Bayesian estimation of mixed model parameters, which is becoming popular
thanks to the BUGS language and recent textbooks, such as Gelman & Hill
(2007) (recommended reading, even if you are no bound to adhere to all
conclusions...), sort-of facilitates this imputation process, but only
in the sense that it is (relatively) easy to specify (at least in BUGS)
a (reasonable) a priori distribution for any variable (but it is not
always easy to obtain and assess numerical convergence...).

Other solutions have been proposed. At least three package aim at
proposing a "reasonable" imputation model for missing data : AmeliaII
(which I did not fully explore, since it is a bit "closed"), mice (which
is quite "open", but whose current version (2.3) has some problems in
specifying specialized imputation functions) and mi (Gelman & his gang,
close to the ideas of the textbook mentioned above), which I did not yet
explore fully, seems interesting but a bit awkward if you need to use
specialized imputation functions.

Various packages allow for estimation from a multiply-imputed dataset :
mice and mi, of course, , but also mitools and (reportedly) Zelig. The
only one that tries to implement hypothesis testing (e. g. test for the
"significance" of a whole factor) is mice. But I'm less and less
convinced of the necessity of such a procedure, notwithstanding journal
editor's wishes, whims and tantrums (see below).

Bayesian estimation "automatically" incorporate missing data's added
uncertainty, since it uses a full probability model for imputing them
(it can also incorportate relevant prior information if available, which
could be extremely valuable but might invalidate your imputations from a
"strict frequentist" point of view). But it can do so only if it is
build for using and modeling all data. Some specialized software, such
as MCMCpack, are built on the assumption of a complete dataset and
assumptions of a predefined shape of a priori distributions of the
variables (quite often a so-called 'uninformative' distribution). If you
have indeed missing covariates, it won't model it and exclude the
relevant observations, thus leading to the same problems that plague
"complete-cases analysis".

Similarly, lmer, as far as I can tell, does assume some shape of the
group-level coefficients and fo the distribution of the dependant
variable given its predictors, but won't impute missing data. Ditto, as
far as I can tell, for MCMCglmm.
Because there is no probability model for imputation (nor an estimation
combining procedure) in (g)lmer nor in MCMCglmm.
Because 1) you did not specify *what* is a "significant variable" :-),
and 2) the exact distribution of the possible "test statistics" (Wald ?
Score ? Likelihood ratios ? Ad-hoc relevant statistic ?)  are not known
at least in the general case.
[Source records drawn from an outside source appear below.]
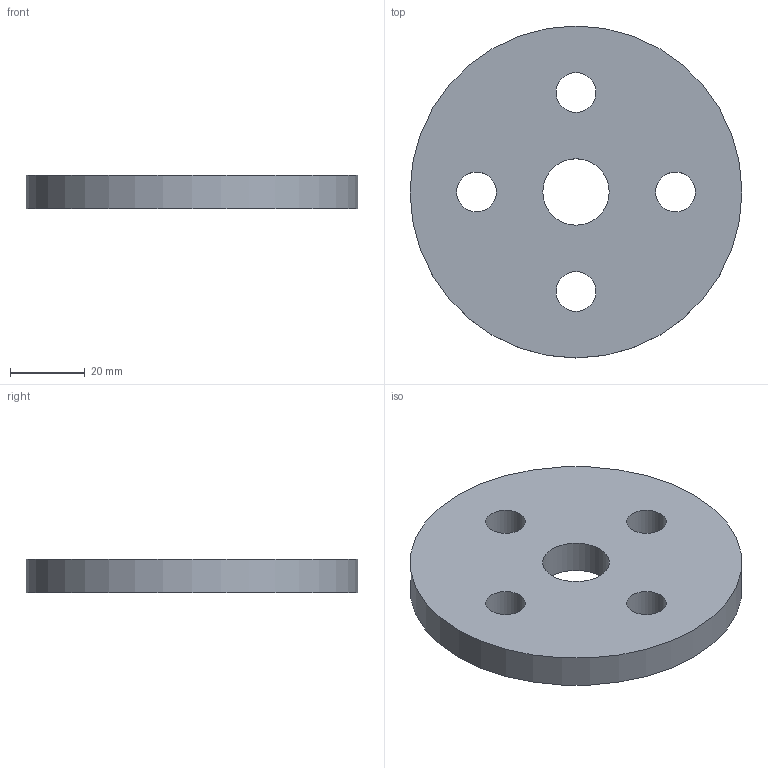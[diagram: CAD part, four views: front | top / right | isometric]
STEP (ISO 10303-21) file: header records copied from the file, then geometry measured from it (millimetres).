
FILE_DESCRIPTION(('Open CASCADE Model'),'2;1');
FILE_NAME('Open CASCADE Shape Model','2026-02-27T12:04:10',('Author'),( 'Open CASCADE'),'Open CASCADE STEP processor 7.9','Open CASCADE 7.9' ,'Unknown');
FILE_SCHEMA(('AUTOMOTIVE_DESIGN { 1 0 10303 214 1 1 1 1 }'));
Length unit declared in the file: millimetre
Products named in the file (1): Open CASCADE STEP translator 7.9 1
Bounding box: 88.75 x 88.75 x 8.88 mm (x, y, z)
Volume: 49544.6 mm3; surface area: 15322.1 mm2
Topology: 1 solids, 1 shells, 8 faces, 18 edges, 12 vertices
Faces by surface type: cylinder 6, plane 2
Full cylindrical faces by diameter (mm): 10.65 x4, 17.75 x1, 88.75 x1
Entity records: 498 total; most frequent: DIRECTION 84, CARTESIAN_POINT 75, ORIENTED_EDGE 36, PCURVE 36, DEFINITIONAL_REPRESENTATION 36, LINE 30, VECTOR 30, CIRCLE 24

The simplified models that were proposed
about 50 years ago for the (very) special case of *balanced* datasets
resulting from *designed* experiments (implemented in the aov()
function) do not hold for the ((much) more) general case (g)lmer aims to
implement.

Look in the R-help archives for a long discussion of the problem of such
hypothesis testing. Douglas Bates stated (rightly, IMNSHO) that
reproducing "what SAS does" was *not*, to his eyes, a good enough reason
to implement it, and explained (some of) his misgivings. See also his
book (Pinhero & bates (2000)) which gives good examples of the problem
(met with nlme, predecessor to lme4).

The proposed solution is to use MCMC sampling from the distributions
proposed as a solution by (g)lmer, and use this as a basis for taking
such decisions (that is what hypothesis testing aims to do).
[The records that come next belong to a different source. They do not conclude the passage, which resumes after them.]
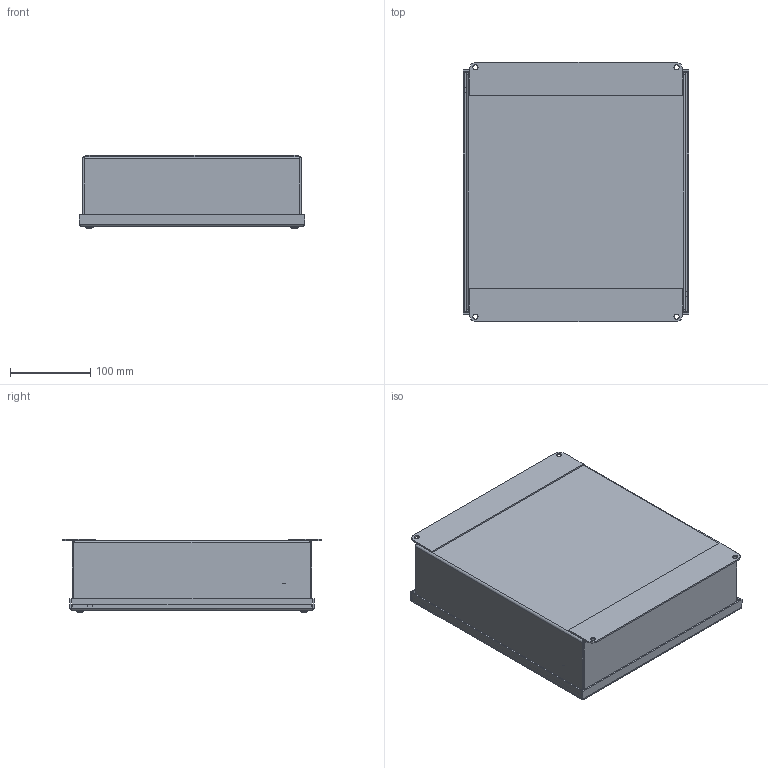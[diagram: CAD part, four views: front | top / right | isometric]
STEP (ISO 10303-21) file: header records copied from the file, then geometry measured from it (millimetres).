
FILE_DESCRIPTION(/* description */ ('HINGE,PB,CS,INTERNAL,2 X 1-1/8'),/* implementation_level */ '2;1');
FILE_NAME(/* name */ 'PB16BC.stp',/* time_stamp */ '2017-01-30T22:10:37+06:00',/* author */ ('bjayachandran'),/* organization */ (''),/* preprocessor_version */ 'ST-DEVELOPER v16.1',/* originating_system */ 'Autodesk Inventor 2016',/* authorisation */ '');
FILE_SCHEMA (('AUTOMOTIVE_DESIGN { 1 0 10303 214 3 1 1 }'));
Length unit declared in the file: inch
Products named in the file (13): 3285; 39077; 316254; 31817; 3185; 3694; 372163; PB16BCBKP; 34984; 38837; 34810; PB16BCLID; PB16BC
Assembly tree (25 placements, depth 2):
  PB16BC
    3285  x2
    39077  x4
    316254  x2
    31817
    3185
    3694
    372163  x4
    PB16BCBKP
    34984  x4
    38837  x2
    34810  x2
    PB16BCLID
Bounding box: 280.99 x 323.85 x 92.09 mm (x, y, z)
Volume: 643174 mm3; surface area: 655185.8 mm2
Topology: 25 solids, 25 shells, 609 faces, 1496 edges, 950 vertices
Faces by surface type: plane 363, cylinder 132, cone 66, torus 24, bspline 20, sphere 4
Full cylindrical faces by diameter (mm): 3.175 x1, 3.556 x2, 3.962 x4, 4.826 x6, 4.978 x4, 6.299 x4, 6.35 x7, 6.525 x4, 7.061 x4, 7.137 x4, 7.95 x4, 9.474 x4, 10.312 x4, 11.506 x4
Entity records: 10829 total; most frequent: CARTESIAN_POINT 2614, DIRECTION 1603, ORIENTED_EDGE 1548, EDGE_CURVE 774, AXIS2_PLACEMENT_3D 556, VERTEX_POINT 495, LINE 491, VECTOR 491

The fly in the ointment is that, as far as I can tell, the relevant
functions are currently *broken* in current "stable" and "development"
versions of lme4 (and not yet written for some non-Gaussian cases). This
has been discussed on this list.

But the crux of the matter is that the second, technical point might be
not as important as the first : barrels of ink were spent discussing the
*epistemological* status of "significance" in hypothesis testing, which
became "standard operating procedure" probably for reasons having little
relevance to sound epistemology. Nowadays, we use electrons, but the
pendulum seems to be starting in the other direction : confidence
interval estimation is now often regarded as a better indication of the
importance of your findings than a "p-value".

A lot more could  be written about the use and misuse of hypothesis
testing, and even much more bout the (possible) relevance of Bayesian
analysis of multilevel models and its interpretation, but "this is
another story" an I've probably been already too long... A look at the
relevant literature should keep you amused, sometimes bored, but anyway
busy for quite a bit of time:-).

HTH,

					Emmanuel Charpentier, DDS, MSc
#
Some additions to what I wrote yesterday : I misunderstood the aim of
the paper as explained in its abstract, and started too far ...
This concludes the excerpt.